Hitchcock's Ten Greatest Villains -- PART ONE
"The better the villain," Hitchcock said to Truffaut, "the better the movie."
A number of movies NOT made by Hitchcock have had some great villains -- Hannibal Lecter, Annie Wilkes, Harry Roat, Jr come to mind (you could look them up), and you've got those legends like Dracula, Frankenstein...Darth Vader and The Joker(ESPECIALLY these days, The Joker) on the list, too.
I daresay that Hitchocck only put one villain on that list who was as famous as The Joker or Hannibal the Cannibal. But I can name at least nine others(for a list of ten) who certainly made the most of their mid-century movies in the 20th Century and stand as the reasons why so many Hitchocck movies were so good.
I can/will duplicate this list at the Hitchcock board, but since(SPOILER ALERT) Norman Bates is at the top, it should be here too.
Also, to properly make my point, I won't work up TO Norman...I'll start with Norman and work DOWN.
For my "top five Hitchcock villains include Norman, or lead to him and away from him in some ways.
The "bottom five" of the Top Ten are more arbitrary and less connected to Norman. But interesting on their own terms.
So here goes:
NUMBER ONE: Anthony Perkins as Norman Bates/Mrs. Bates in Psycho, 1960.
Norman is as famous as Dracula before him and Hannibal Lecter after him -- and directly related both to The Wolf Man(or werewolves in general) and Dr Jekyll and Mr. Hyde in his personality split of nice and murderous. (But IS it a split, really?)
Norman Bates is a "trick" villain, however: For most of the running time of Psycho, he is NOT the killer(to us.) He is a sympathetic accomplice to his mother's murders, and hence clearly OF "the bad guys," but not entirely(to us)...a bad guy. Famously cast with handsome young (but "odd") heartthrob (and Oscar nominee) Anthony Perkins, Norman was famously portrayed as a sweet, nervous, lonely young man whose best friend is his mother. Less famously, Norman gets nastier and nastier as the story goes along -- the true monster within is slowly hinted at, and then fully revealed in the cell at the end. Perkins work -- particularly in his final expressions in the cell at the end -- earn him a top slot on the "snubbed Best Actor nominations" list -- and on the "snubbed Best Actor wins list."
But wait there's more: Norman may not seem the killer for most of Psycho's running time, but MRS BATES sure is. Norman Bates is a "twofer" as movie villains go, because long before Michael Myers wore his William Shatner mask and long before Jason wore his hockey mask and long before the "Scream" killer(s) wore their art scream mask...there was Mrs. Bates, she of the shadowy face and obscene strength and truly scary tendency to stay off screen only until she emerged to kill people most bloodily with a big knife.

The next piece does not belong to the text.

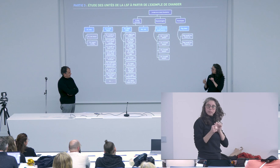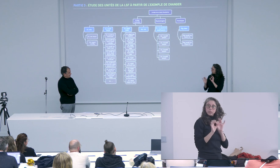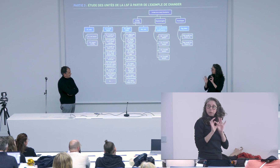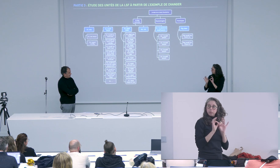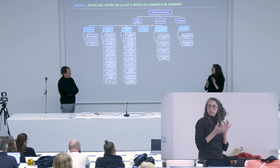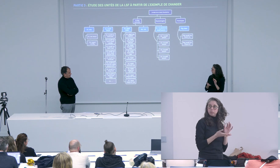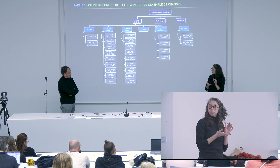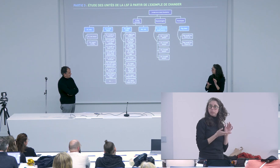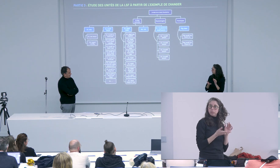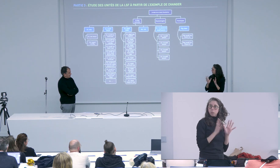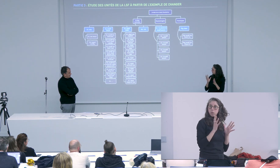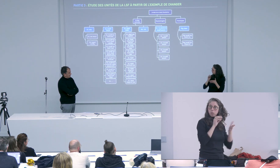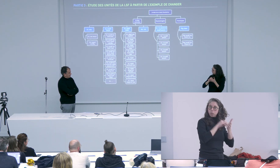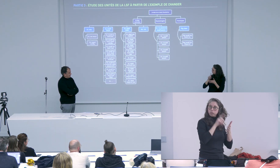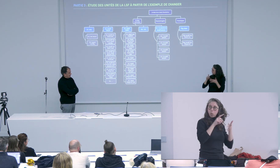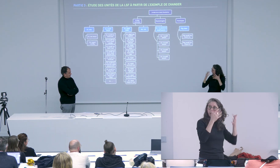quel niveau on se situe

Mrs. Bates the Monster Mother preceded by decades the more constantly seen Myers and Jason...and in some ways, that works better for the suspense and terror in Psycho. For over a half hour after she kills Marion in the shower, Mrs. Bates is never seen(except once in a window by Arbogast) and hovers over the proceedings as we fear when next we will see her "in action." When she FINALLY emerges(so fast, so vicious, so robotic) to attack Arbogast on the stairs, we sceam hard because she is STILL just as bad as we feared her to be. Then, a long wait begins again as Lila explores the house and Mrs. B makes her fruit cellar move.
Yes, with Norman Bates we get "two, two, two villains in one": a monster to haunt our nightmares(Mrs. Bates in killing mode) and a man to haunt our lives(the sweet inscrutable Norman.)
NUMBER TWO: Robert Walker, as Bruno Anthony, in Strangers on a Train(1951.)
On a "standard" list of great Hitchcock villains, Walker as Bruno should be Number One -- because he clearly IS the villain of his film from practically our first glimpse of him -- his SHOES. They are flashy, overdone -- in constrast to the hero's most no-nonsense shoes. The shoes are on feet that are moving with purpose into a train station, onto a train and to a "brief bumping"(instigated by the hero, not the villain) and we're off! Barely two minutes into the film, and our villain is HERE. (It takes 30 minutes to get Norman into Psycho, yet another reason Bruno should be Number One.)